** INFORMATION PROVIDED **
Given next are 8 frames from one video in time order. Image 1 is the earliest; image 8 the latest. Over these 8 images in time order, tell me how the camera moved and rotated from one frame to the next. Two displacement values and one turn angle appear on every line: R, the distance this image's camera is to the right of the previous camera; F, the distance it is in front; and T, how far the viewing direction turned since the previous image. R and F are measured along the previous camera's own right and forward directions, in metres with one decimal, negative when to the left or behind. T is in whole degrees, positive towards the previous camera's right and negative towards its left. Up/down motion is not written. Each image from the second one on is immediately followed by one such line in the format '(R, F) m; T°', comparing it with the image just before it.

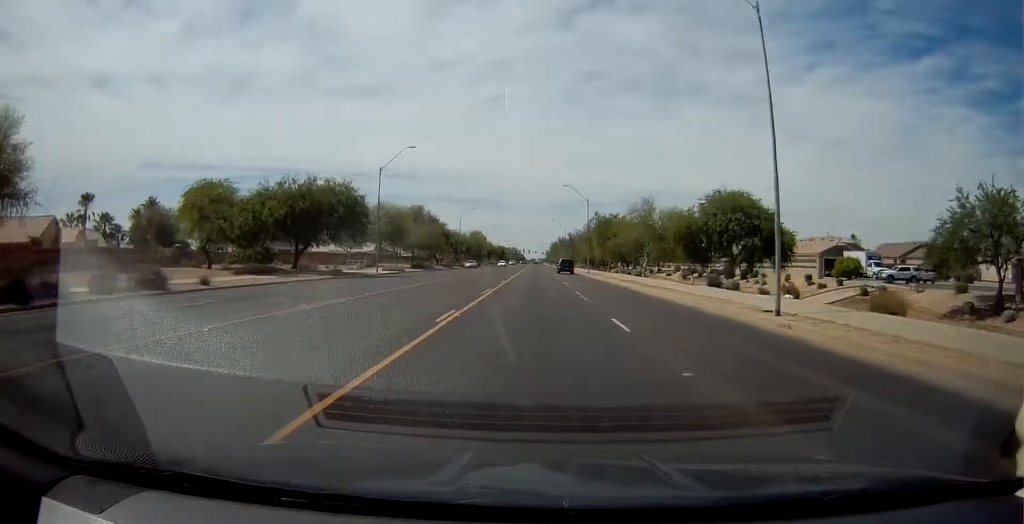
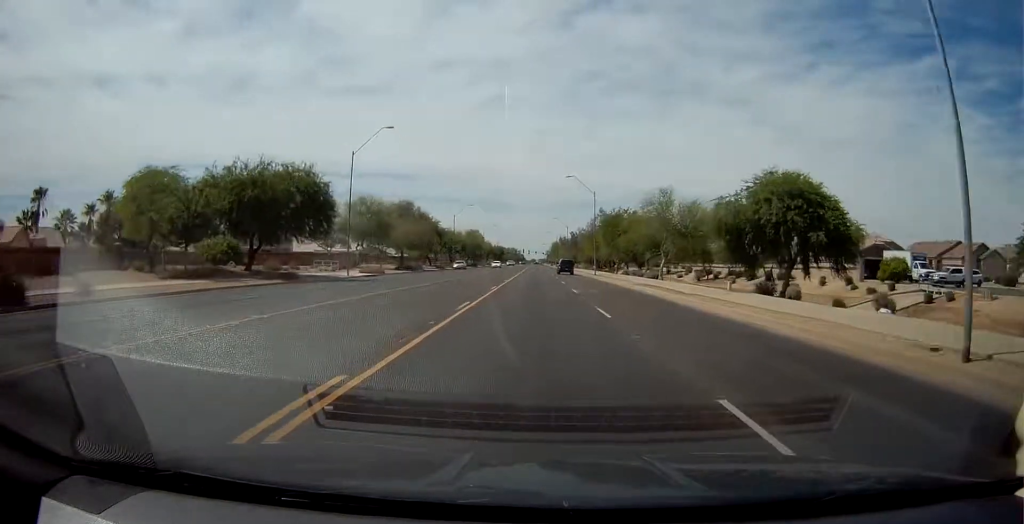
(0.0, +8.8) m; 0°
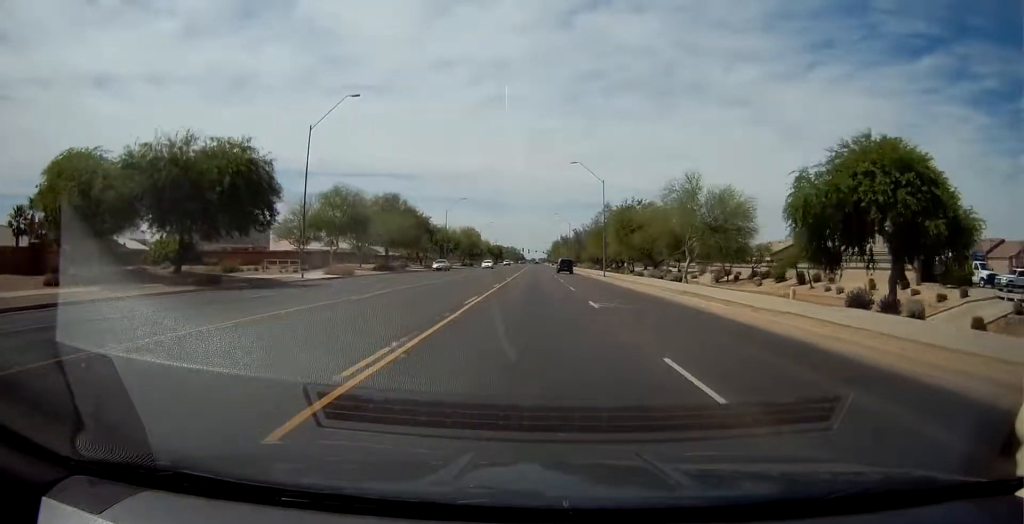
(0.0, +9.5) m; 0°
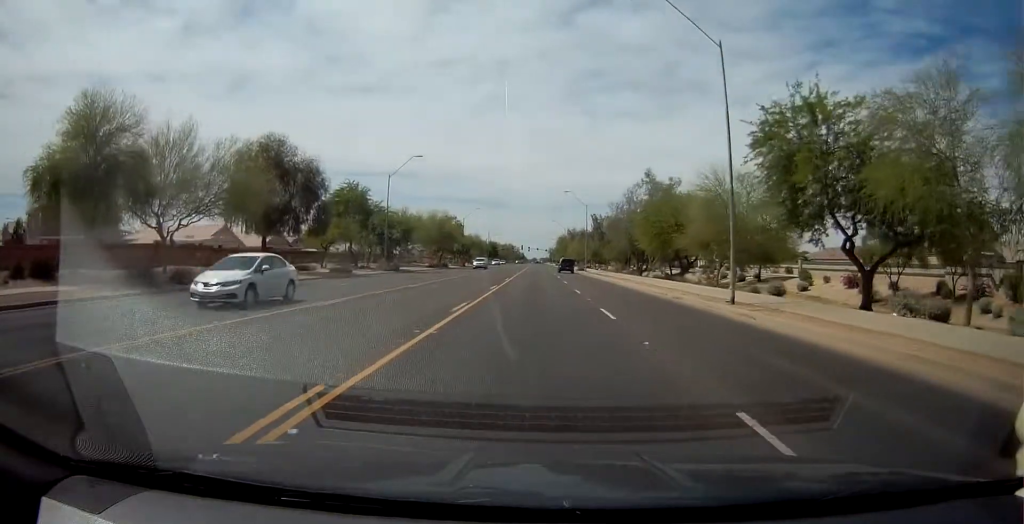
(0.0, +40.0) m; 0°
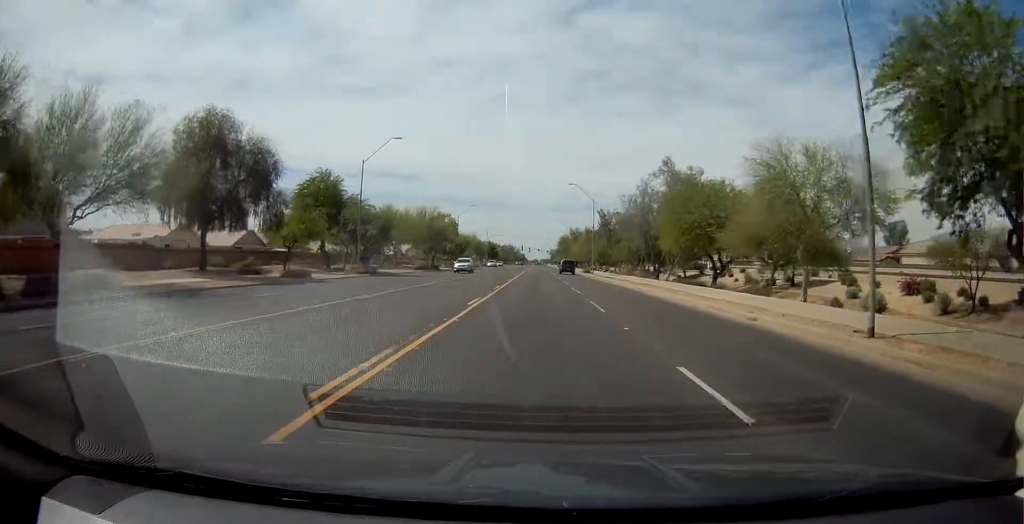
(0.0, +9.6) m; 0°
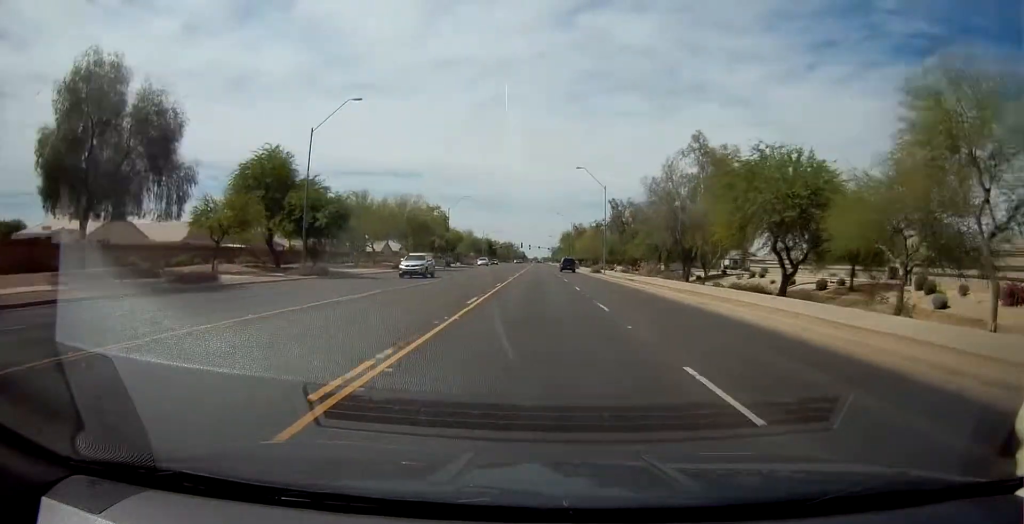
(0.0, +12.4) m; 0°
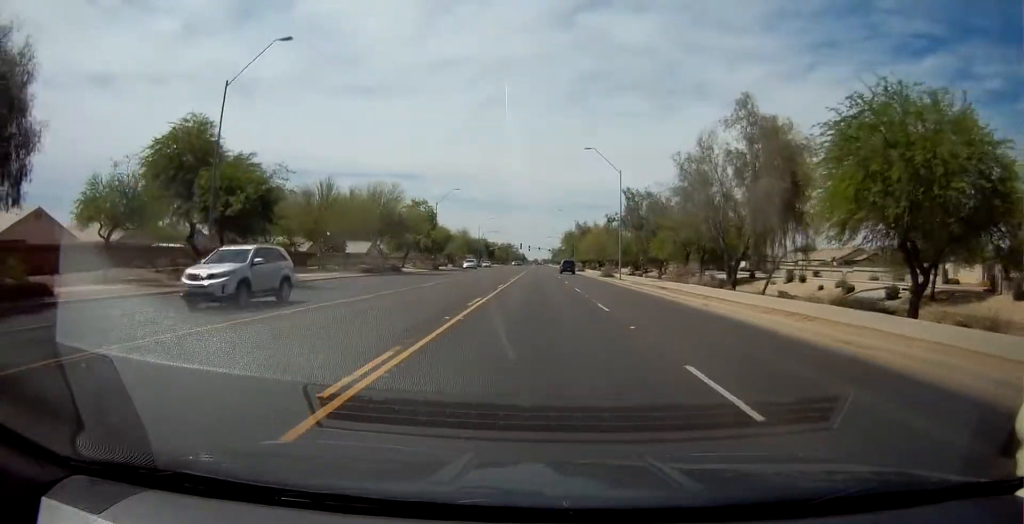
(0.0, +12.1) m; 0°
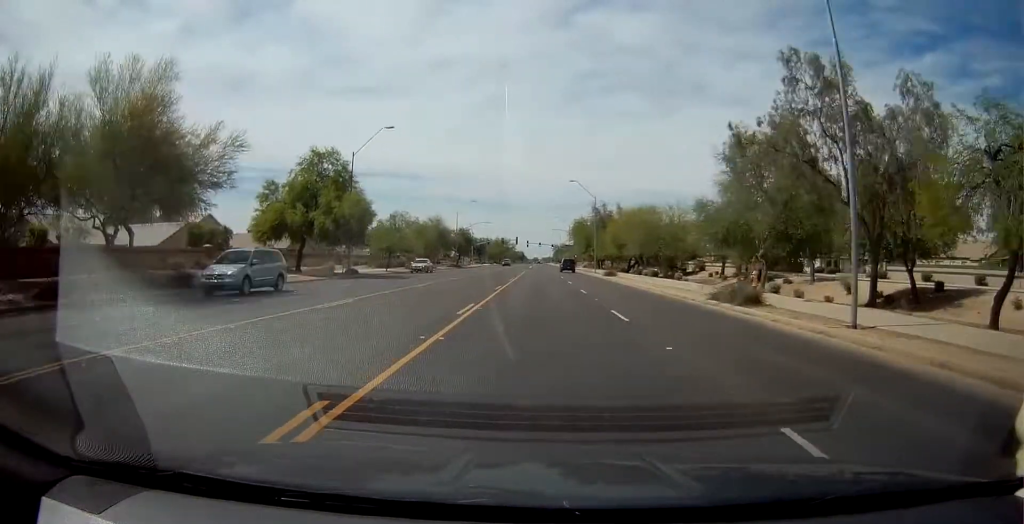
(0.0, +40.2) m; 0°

* * *

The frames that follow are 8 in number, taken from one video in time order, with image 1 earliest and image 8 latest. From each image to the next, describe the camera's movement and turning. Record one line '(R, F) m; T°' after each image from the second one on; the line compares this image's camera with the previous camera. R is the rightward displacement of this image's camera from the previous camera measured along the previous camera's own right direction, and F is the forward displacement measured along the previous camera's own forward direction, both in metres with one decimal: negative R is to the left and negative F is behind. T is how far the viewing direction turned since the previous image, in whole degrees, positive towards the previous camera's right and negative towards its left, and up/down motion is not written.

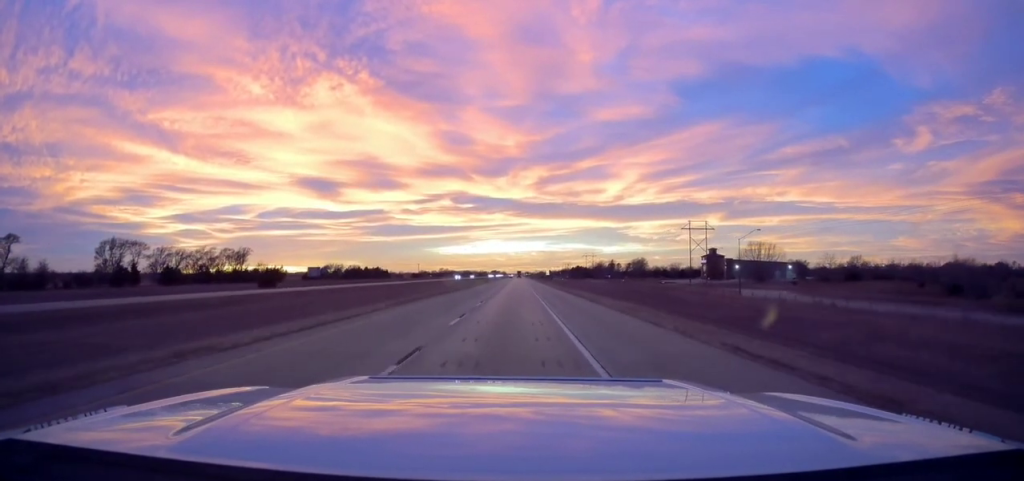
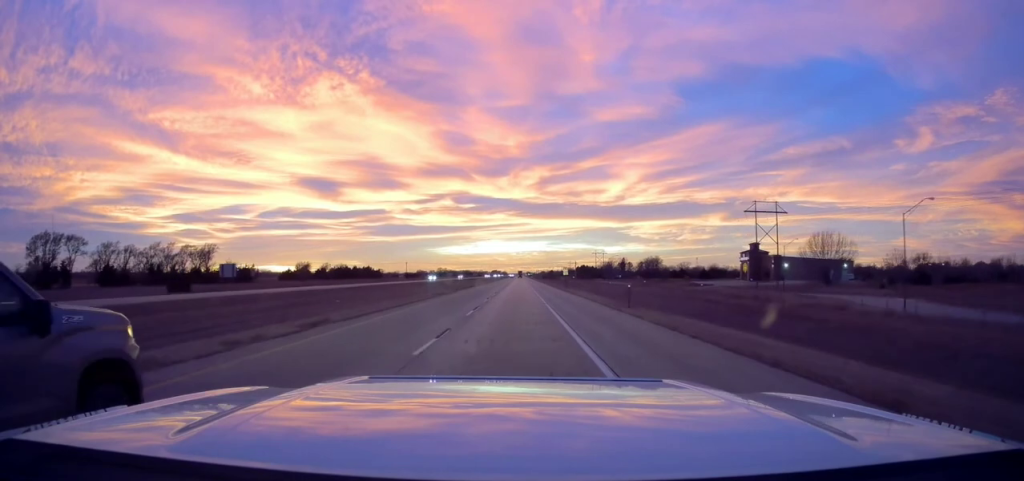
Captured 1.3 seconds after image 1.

** AIM OF THE TASK **
Beginning with the line that contains "The frames that" and ending with the line that contains "Captured 1.3 seconds after image 1.", reproduce the listing exactly, pictures excluded.

** RESPONSE TO THE EXERCISE **
The frames that follow are 8 in number, taken from one video in time order, with image 1 earliest and image 8 latest. From each image to the next, describe the camera's movement and turning. Record one line '(R, F) m; T°' after each image from the second one on; the line compares this image's camera with the previous camera. R is the rightward displacement of this image's camera from the previous camera measured along the previous camera's own right direction, and F is the forward displacement measured along the previous camera's own forward direction, both in metres with one decimal: negative R is to the left and negative F is behind. T is how far the viewing direction turned since the previous image, in whole degrees, positive towards the previous camera's right and negative towards its left, and up/down motion is not written.

Captured 1.3 seconds after image 1.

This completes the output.